上皮癌は、しばしばSer/ThrキナーゼオーロラA /AURKAの過剰発現によって特徴付けられます。AURKAはThr288での自己リン酸化時に活性化する多機能タンパク質であり、有糸分裂におけるAURKAの豊富なピークは、有糸性紡錘の安定性と忠実度、および有糸分裂の全体的な効率を制御する。構造レベルで十分に特徴付けられるが、細胞周期を通してAURKAの活性化の一貫したモニタリングが欠けている。可能な解決策は、遺伝的にコード化されたフェルスターの共鳴エネルギー伝達(FRET)バイオセンサーを使用して、十分な時間的解像度でAURKAの自己リン酸化に関する洞察を得ることから成り立っています。ここでは、Thr288自動リン酸化を検出するFRETバイオセンサーを設計するプロトコルと、この変化を有糸分裂中にどう従うかについて説明する。まず、ドナー/アクセプターFRETペアの概要を説明し、哺乳動物細胞におけるAURKA FRETバイオセンサーのクローニングおよび挿入方法について説明します。次に、カスタム構築されたセットアップで蛍光寿命イメージング顕微鏡(FLIM)による迅速なFRET測定のステップバイステップ分析を行います。ただし、このプロトコルは、代替の商用ソリューションにも適用できます。我々は、AURKAベースのバイオセンサーに最も適切なFRET制御を検討し、このツールの感度をさらに高めるための潜在的な将来の改善を強調することによって結論付ける。

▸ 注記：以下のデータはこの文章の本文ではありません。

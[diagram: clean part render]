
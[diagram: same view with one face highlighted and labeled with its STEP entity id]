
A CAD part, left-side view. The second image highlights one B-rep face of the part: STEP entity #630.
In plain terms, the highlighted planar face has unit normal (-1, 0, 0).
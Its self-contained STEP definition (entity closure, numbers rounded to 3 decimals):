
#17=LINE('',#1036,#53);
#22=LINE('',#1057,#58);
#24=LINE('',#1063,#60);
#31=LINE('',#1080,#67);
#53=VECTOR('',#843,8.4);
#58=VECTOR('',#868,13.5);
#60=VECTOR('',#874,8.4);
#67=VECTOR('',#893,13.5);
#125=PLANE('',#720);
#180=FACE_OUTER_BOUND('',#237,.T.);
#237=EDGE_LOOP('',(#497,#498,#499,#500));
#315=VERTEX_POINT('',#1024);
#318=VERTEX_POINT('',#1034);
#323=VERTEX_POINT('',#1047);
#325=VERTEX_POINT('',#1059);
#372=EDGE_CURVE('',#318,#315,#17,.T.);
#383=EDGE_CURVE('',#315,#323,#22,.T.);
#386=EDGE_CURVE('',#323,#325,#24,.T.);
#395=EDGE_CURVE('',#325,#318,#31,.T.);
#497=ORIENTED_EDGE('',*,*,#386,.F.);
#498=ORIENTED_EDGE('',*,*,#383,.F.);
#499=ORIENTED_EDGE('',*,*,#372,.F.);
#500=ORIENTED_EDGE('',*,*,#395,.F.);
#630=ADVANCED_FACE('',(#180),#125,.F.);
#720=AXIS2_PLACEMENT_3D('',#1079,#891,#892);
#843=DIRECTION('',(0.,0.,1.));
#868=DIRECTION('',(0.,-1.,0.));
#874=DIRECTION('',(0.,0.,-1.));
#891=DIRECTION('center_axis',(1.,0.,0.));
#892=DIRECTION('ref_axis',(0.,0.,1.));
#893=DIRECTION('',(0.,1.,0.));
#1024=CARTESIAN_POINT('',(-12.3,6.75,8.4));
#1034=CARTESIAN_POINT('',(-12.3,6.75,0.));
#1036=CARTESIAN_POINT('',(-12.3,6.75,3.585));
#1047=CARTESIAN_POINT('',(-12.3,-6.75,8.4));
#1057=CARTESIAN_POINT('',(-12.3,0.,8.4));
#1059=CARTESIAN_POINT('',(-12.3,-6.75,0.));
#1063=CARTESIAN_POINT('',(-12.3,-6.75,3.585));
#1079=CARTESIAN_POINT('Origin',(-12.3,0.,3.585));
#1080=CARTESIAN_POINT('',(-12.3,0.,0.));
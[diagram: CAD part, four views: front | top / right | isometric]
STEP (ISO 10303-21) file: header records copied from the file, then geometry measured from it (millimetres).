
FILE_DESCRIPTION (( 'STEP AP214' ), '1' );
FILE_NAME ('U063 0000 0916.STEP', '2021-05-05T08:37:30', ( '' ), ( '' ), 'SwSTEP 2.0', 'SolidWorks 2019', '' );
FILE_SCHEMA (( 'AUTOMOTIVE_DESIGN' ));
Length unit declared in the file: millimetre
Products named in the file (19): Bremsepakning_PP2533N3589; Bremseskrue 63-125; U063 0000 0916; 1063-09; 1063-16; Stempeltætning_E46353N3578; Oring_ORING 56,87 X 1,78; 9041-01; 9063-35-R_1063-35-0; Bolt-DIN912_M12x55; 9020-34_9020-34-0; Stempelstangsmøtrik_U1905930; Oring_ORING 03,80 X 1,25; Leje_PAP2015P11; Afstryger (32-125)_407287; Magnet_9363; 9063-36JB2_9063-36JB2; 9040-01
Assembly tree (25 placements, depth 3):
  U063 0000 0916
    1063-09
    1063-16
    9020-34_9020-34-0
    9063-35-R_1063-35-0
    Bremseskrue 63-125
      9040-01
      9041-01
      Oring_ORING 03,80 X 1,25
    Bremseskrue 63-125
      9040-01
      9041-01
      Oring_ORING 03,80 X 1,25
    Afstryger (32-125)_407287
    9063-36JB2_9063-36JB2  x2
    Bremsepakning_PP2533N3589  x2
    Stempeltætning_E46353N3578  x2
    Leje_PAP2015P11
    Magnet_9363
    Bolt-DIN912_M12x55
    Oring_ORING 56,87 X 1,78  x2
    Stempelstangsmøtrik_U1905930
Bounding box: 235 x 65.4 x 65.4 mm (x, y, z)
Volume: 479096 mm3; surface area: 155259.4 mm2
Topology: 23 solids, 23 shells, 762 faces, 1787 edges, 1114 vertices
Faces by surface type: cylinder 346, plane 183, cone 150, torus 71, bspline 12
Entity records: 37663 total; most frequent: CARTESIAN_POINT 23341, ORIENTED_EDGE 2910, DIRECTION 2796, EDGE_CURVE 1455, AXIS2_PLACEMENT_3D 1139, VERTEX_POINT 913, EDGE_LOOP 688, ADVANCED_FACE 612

オーロラキナーゼA/AURKAは多機能なセリン/スレオニンキナーゼであり、細胞周期を通して、そして異なる細胞内の区画1で^{活性である。}AURKAはしばしば上皮性および造影性悪性腫瘍で過剰発現し、患者は現在利用可能な治療法に対する反応性が低いため、その広範な時空間的活性化を理解することは癌において特に重要である²。

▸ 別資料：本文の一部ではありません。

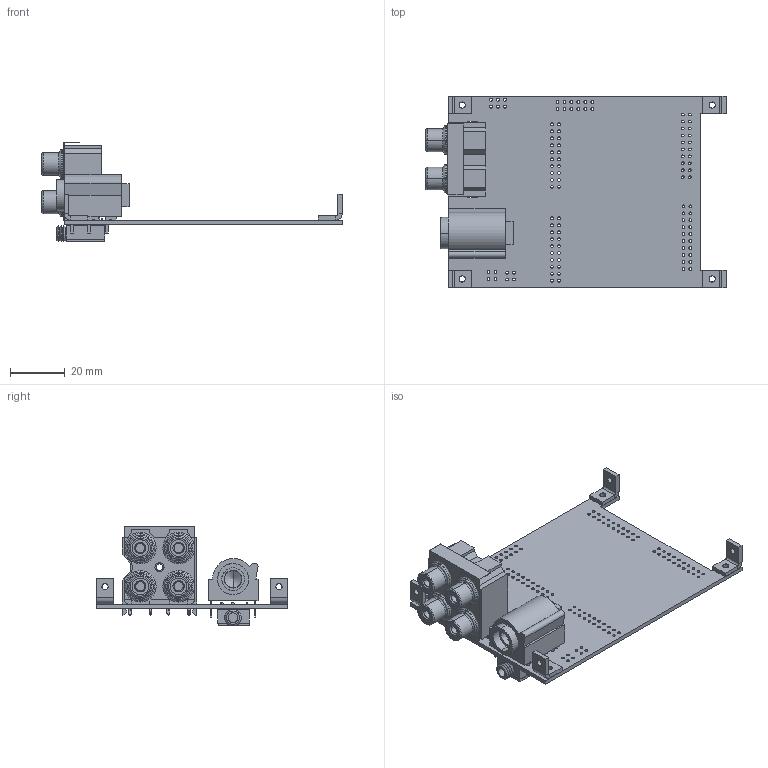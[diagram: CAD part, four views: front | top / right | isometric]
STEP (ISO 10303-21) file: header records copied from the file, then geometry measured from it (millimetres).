
FILE_DESCRIPTION(('KiCad electronic assembly'),'2;1');
FILE_NAME('teensy41_audio_project_board_codec.step', '2022-01-21T09:33:39',('Pcbnew'),('Kicad'), 'Open CASCADE STEP processor 7.5','KiCad to STEP converter','Unknown' );
FILE_SCHEMA(('AUTOMOTIVE_DESIGN { 1 0 10303 214 1 1 1 1 }'));
Length unit declared in the file: millimetre
Products named in the file (10): teensy41_audio_project_board_codec 1; Bracket 4-40 621; SOLID; pjras2x2s_Series; 3-d-nmj6hcd3; 35RAPC3BH3; _autosave-teensy41_audio_project_board PCB
Assembly tree (12 placements, depth 3):
  teensy41_audio_project_board_codec 1
    Bracket 4-40 621  x4
      SOLID
    pjras2x2s_Series
      SOLID
    3-d-nmj6hcd3
      SOLID
    35RAPC3BH3
      SOLID
    _autosave-teensy41_audio_project_board PCB
Bounding box: 109.75 x 69.85 x 36.45 mm (x, y, z)
Volume: 27235.7 mm3; surface area: 23714.8 mm2
Topology: 8 solids, 8 shells, 653 faces, 1709 edges, 1111 vertices
Faces by surface type: bspline 493, cylinder 136, plane 24
Full cylindrical faces by diameter (mm): 1 x100, 1.1 x6, 1.3 x4, 1.4 x6, 1.5 x2, 2.45 x4
Entity records: 40698 total; most frequent: CARTESIAN_POINT 16907, ORIENTED_EDGE 3174, PCURVE 3174, DEFINITIONAL_REPRESENTATION 3174, B_SPLINE_CURVE_WITH_KNOTS 2771, DIRECTION 1768, EDGE_CURVE 1587, SURFACE_CURVE 1465

構造研究は、AURKAが非アクティブからアクティブキナーゼに変換するために2つのステップを受けることを明らかにしました。まず、Thr288の自己リン酸化はキナーゼの運動用ポケットの立体構造を変化させ、それを^{活性化させる3,4,5,6}。このステップは、ヒト細胞およびゼノプスlaevis3,6,7におけるAURKAの触媒活性を増加させ、キナーゼを完全な活性のためにプライミングする。一度活性化されると、AURKAとXklp2(TPX2)の標的タンパク質との相互作用は、第2の立体構造変化^{を誘導する5}。このさらなる変更により、AURKAはセル^5,8,9,10の基質に向かって完全な酵素活性に達^{することができます}。

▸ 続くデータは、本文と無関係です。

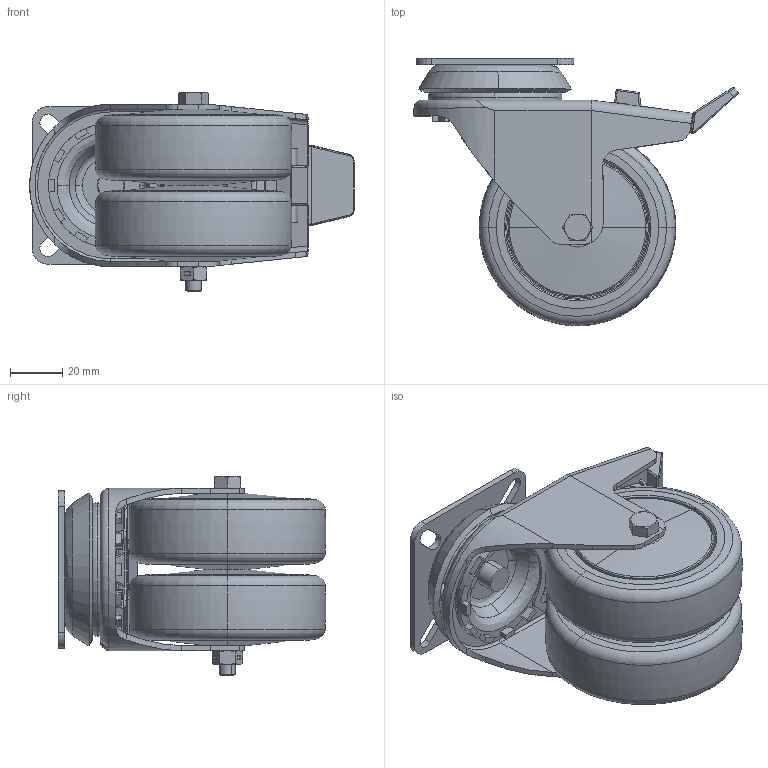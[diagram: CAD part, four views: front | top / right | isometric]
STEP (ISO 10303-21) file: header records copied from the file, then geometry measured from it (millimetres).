
FILE_DESCRIPTION (( 'STEP AP214' ), '1' );
FILE_NAME ('0010861.step', '2022-12-16T14:13:29', ( '' ), ( '' ), 'SwSTEP 2.0', 'SolidWorks 2020', '' );
FILE_SCHEMA (( 'AUTOMOTIVE_DESIGN' ));
Length unit declared in the file: millimetre
Products named in the file (1): 0010861
Bounding box: 123.81 x 101.98 x 76 mm (x, y, z)
Volume: 201301.1 mm3; surface area: 114111.6 mm2
Topology: 16 solids, 16 shells, 811 faces, 1977 edges, 1223 vertices
Faces by surface type: plane 281, cylinder 252, bspline 144, cone 74, torus 60
Entity records: 41484 total; most frequent: CARTESIAN_POINT 14142, ORIENTED_EDGE 3926, DIRECTION 3646, EDGE_CURVE 1963, AXIS2_PLACEMENT_3D 1380, VERTEX_POINT 1223, EDGE_LOOP 888, LINE 886

約20年間、AURKAの活性化と活性に関する洞察は、主に生化学的アプローチの組み合わせを通じて得られました。これらには、AURKA活性化の特徴として細胞または生体内でリン酸化Thr288の検出、結晶学的分析、およびAURKA1の活性をプローブするインビトロまたはセルロキナーゼアッセイが含まれる。しかし、これらのアプローチの時空間的な解決は貧弱または存在せず、これら2つの事象のダイナミクスの知識を広げるためには新しい解決策が必要であった。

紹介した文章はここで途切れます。